Please transcribe only the lines that run from the line bearing "This is a near-infrared" to the end of the entries, keeping both end lines. Skip the pictures.

*Input material:*
▼

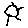
Label: sun
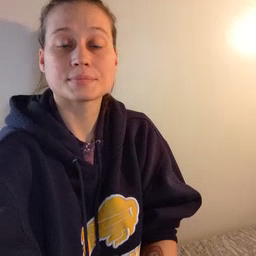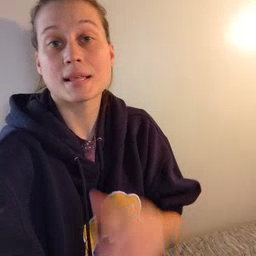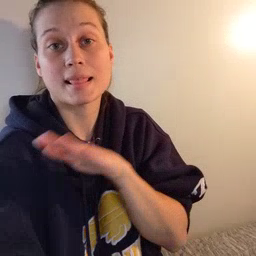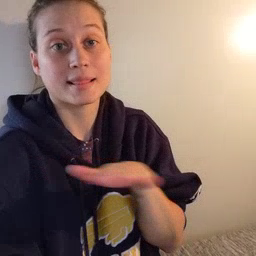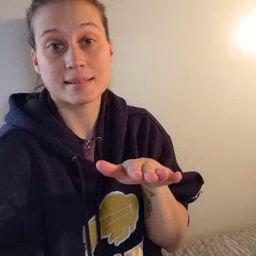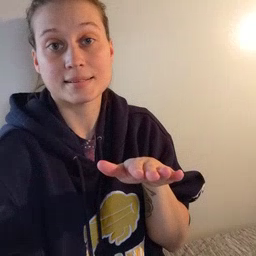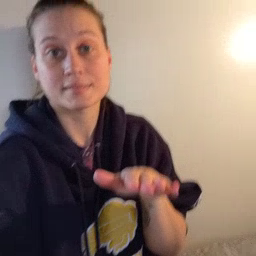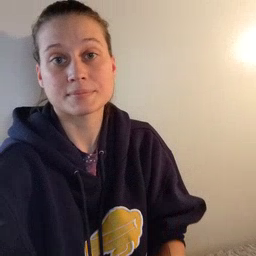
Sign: clean
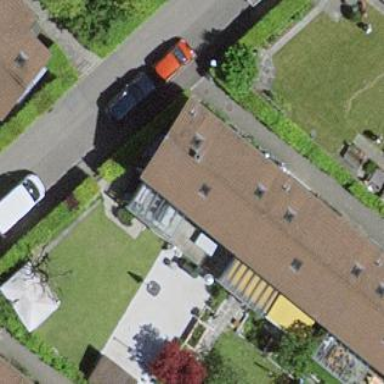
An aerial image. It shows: Terrace building.
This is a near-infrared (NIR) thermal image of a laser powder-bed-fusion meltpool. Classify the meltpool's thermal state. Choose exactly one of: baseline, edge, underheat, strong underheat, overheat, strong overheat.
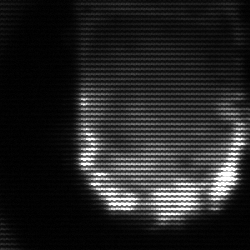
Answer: baseline
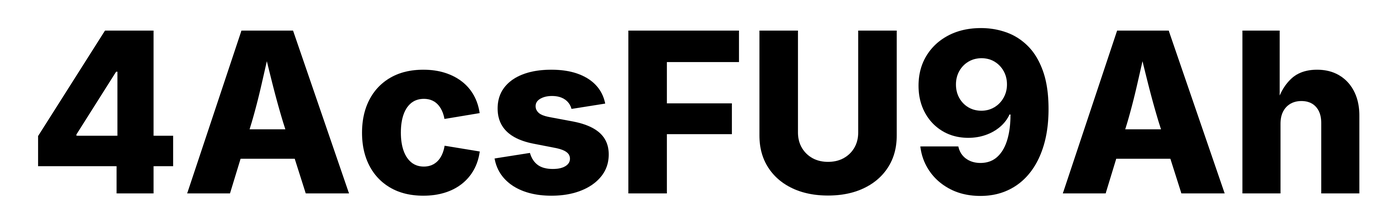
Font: Inter_ExtraBold
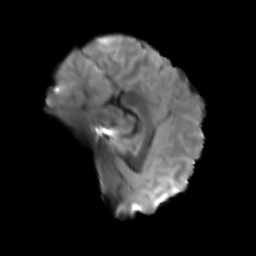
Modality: T2w
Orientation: sagittal
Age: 25
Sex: male
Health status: healthy
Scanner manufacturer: siemens
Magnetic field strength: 3 T
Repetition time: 3.6 s
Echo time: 0.092 s
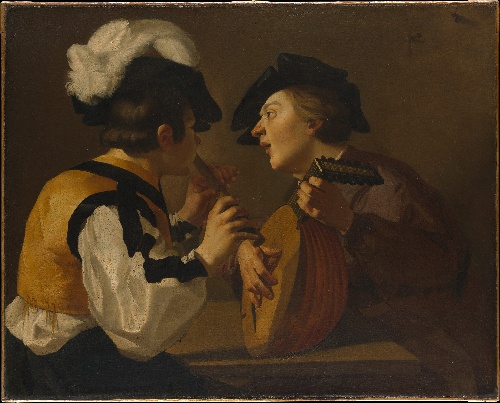
Title: Two Musicians
Artist: Dutch (Utrecht Caravaggist) Painter, 17th century
Date: 17th century
Object type: Painting
Classification: Paintings
Medium: Oil on canvas
Dimensions: 39 x 48 5/8 in. (99 x 123.5 cm)
Department: Robert Lehman Collection
Credit line: Robert Lehman Collection, 1975
Accession year: 1975
Repository: Metropolitan Museum of Art, New York, NY
Tags: Men|Flutes|Lutes|Musicians
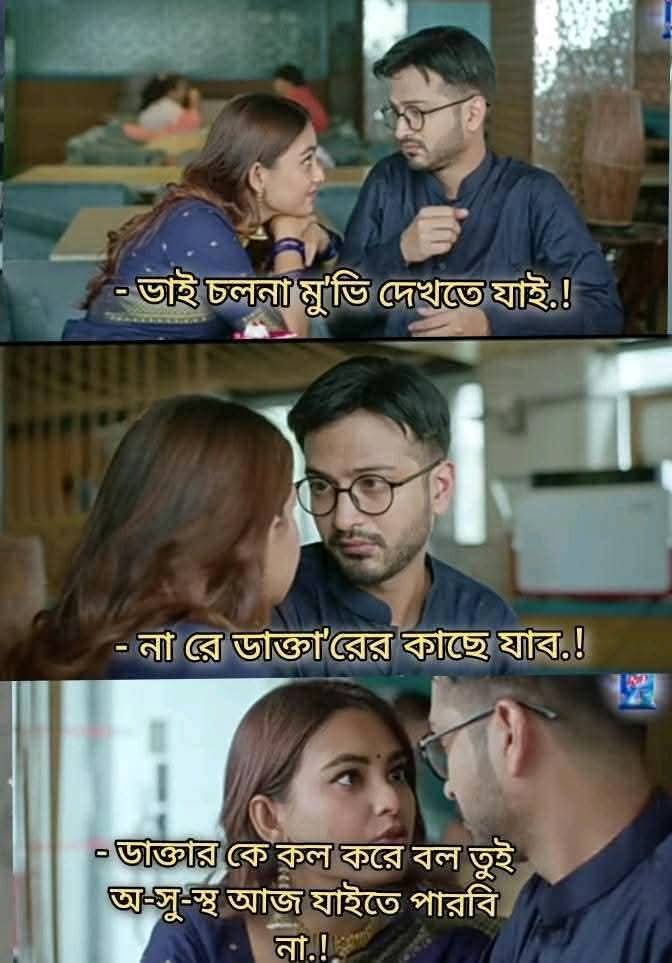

▲

*Response box:*
This is a near-infrared (NIR) thermal image of a laser powder-bed-fusion meltpool. Classify the meltpool's thermal state. Choose exactly one of: baseline, edge, underheat, strong underheat, overheat, strong overheat.
Answer: baseline
Font: Inter_ExtraBold
Modality: T2w
Orientation: sagittal
Age: 25
Sex: male
Health status: healthy
Scanner manufacturer: siemens
Magnetic field strength: 3 T
Repetition time: 3.6 s
Echo time: 0.092 s
Title: Two Musicians
Artist: Dutch (Utrecht Caravaggist) Painter, 17th century
Date: 17th century
Object type: Painting
Classification: Paintings
Medium: Oil on canvas
Dimensions: 39 x 48 5/8 in. (99 x 123.5 cm)
Department: Robert Lehman Collection
Credit line: Robert Lehman Collection, 1975
Accession year: 1975
Repository: Metropolitan Museum of Art, New York, NY
Tags: Men|Flutes|Lutes|Musicians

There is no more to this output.